Work task:
Restate every record exactly as it is written, while omitting the pictures it holds.
[Start of Attachment]
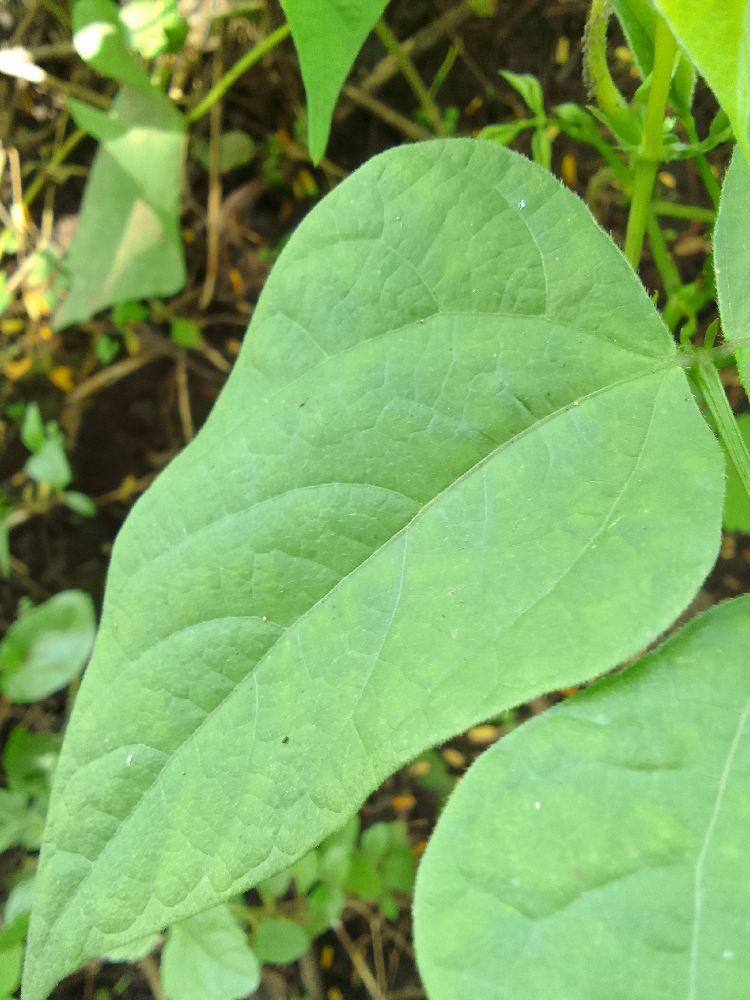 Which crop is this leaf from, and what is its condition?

common bean, healthy
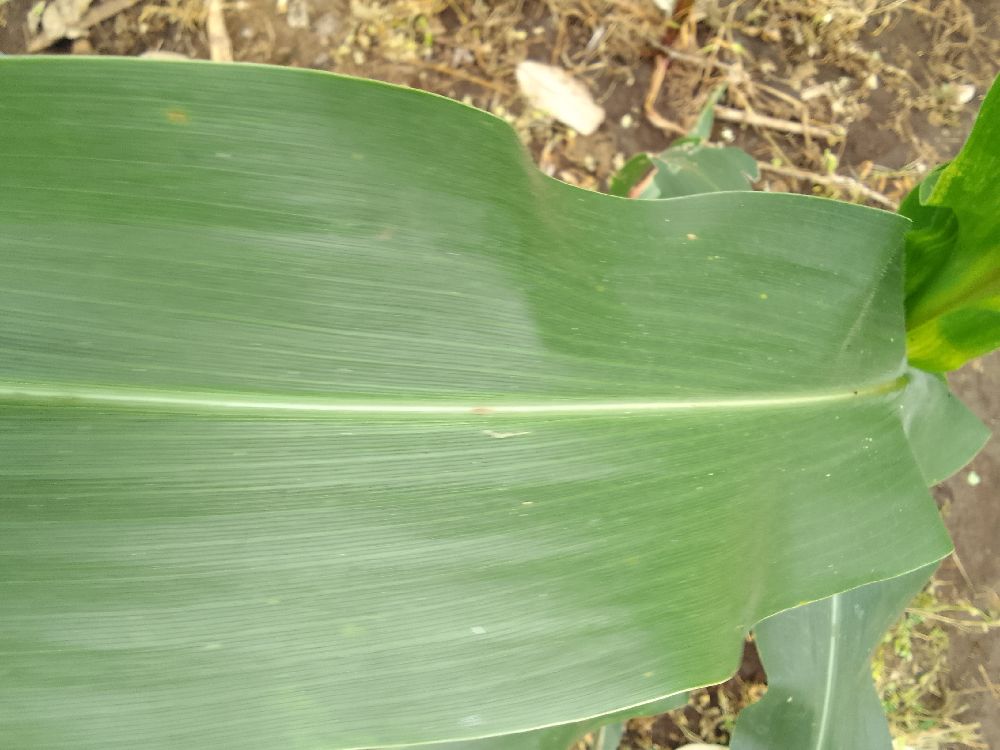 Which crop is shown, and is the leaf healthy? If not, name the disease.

maize, healthy
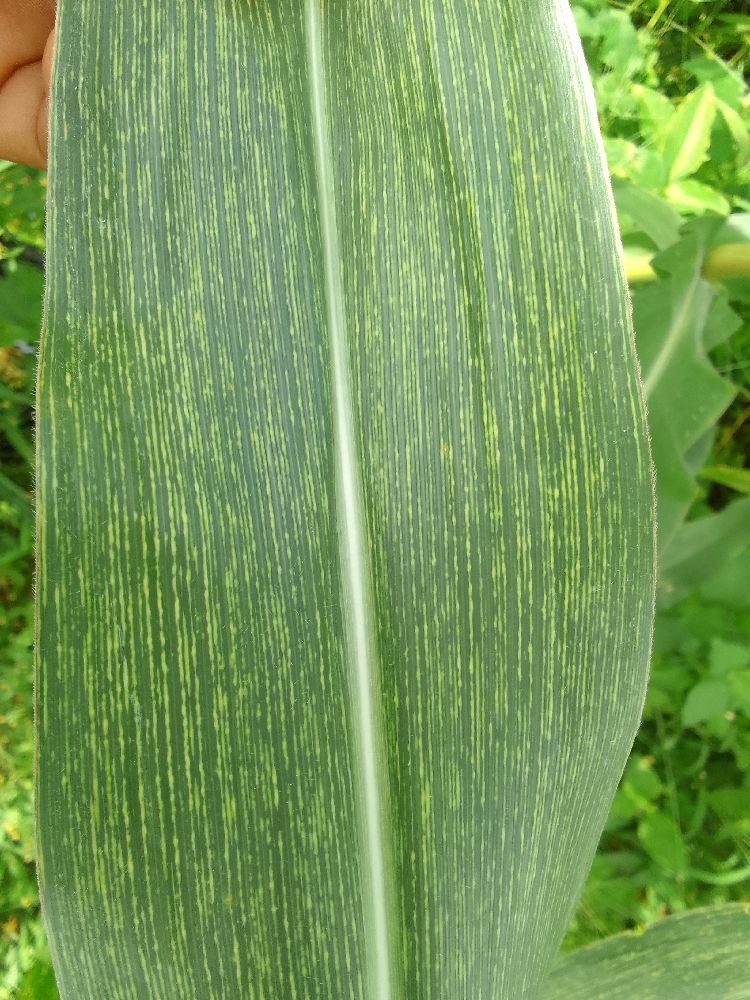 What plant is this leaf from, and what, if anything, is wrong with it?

maize, maize streak virus
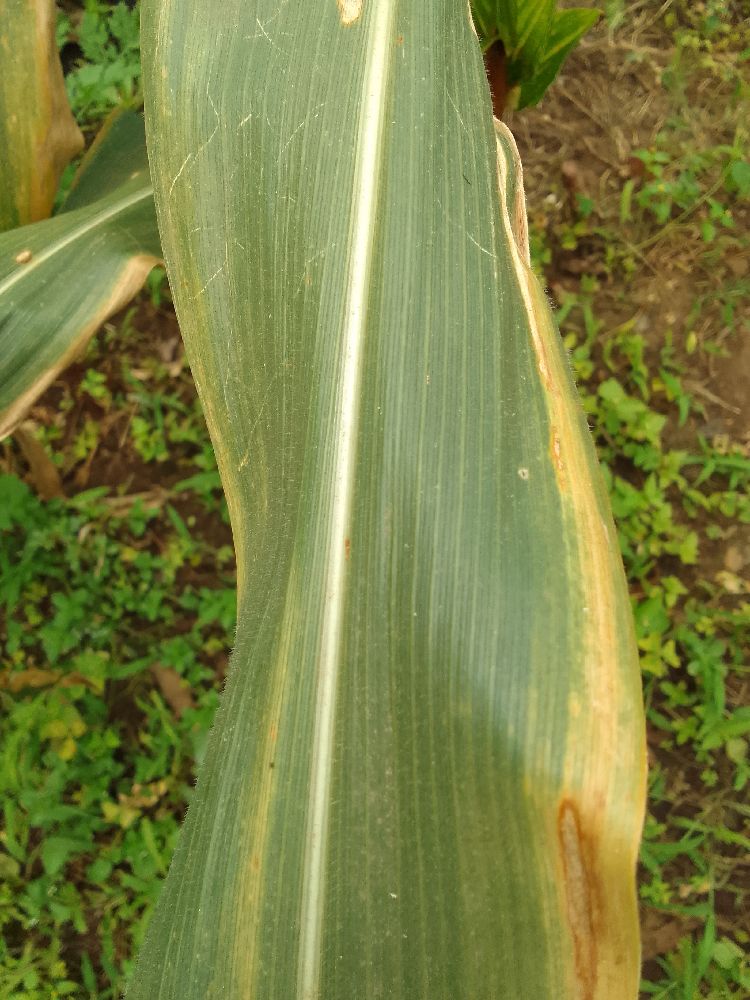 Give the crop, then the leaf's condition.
[End of Attachment]
Task output:
 Which crop is this leaf from, and what is its condition?

common bean, healthy
 Which crop is shown, and is the leaf healthy? If not, name the disease.

maize, healthy
 What plant is this leaf from, and what, if anything, is wrong with it?

maize, maize streak virus
 Give the crop, then the leaf's condition.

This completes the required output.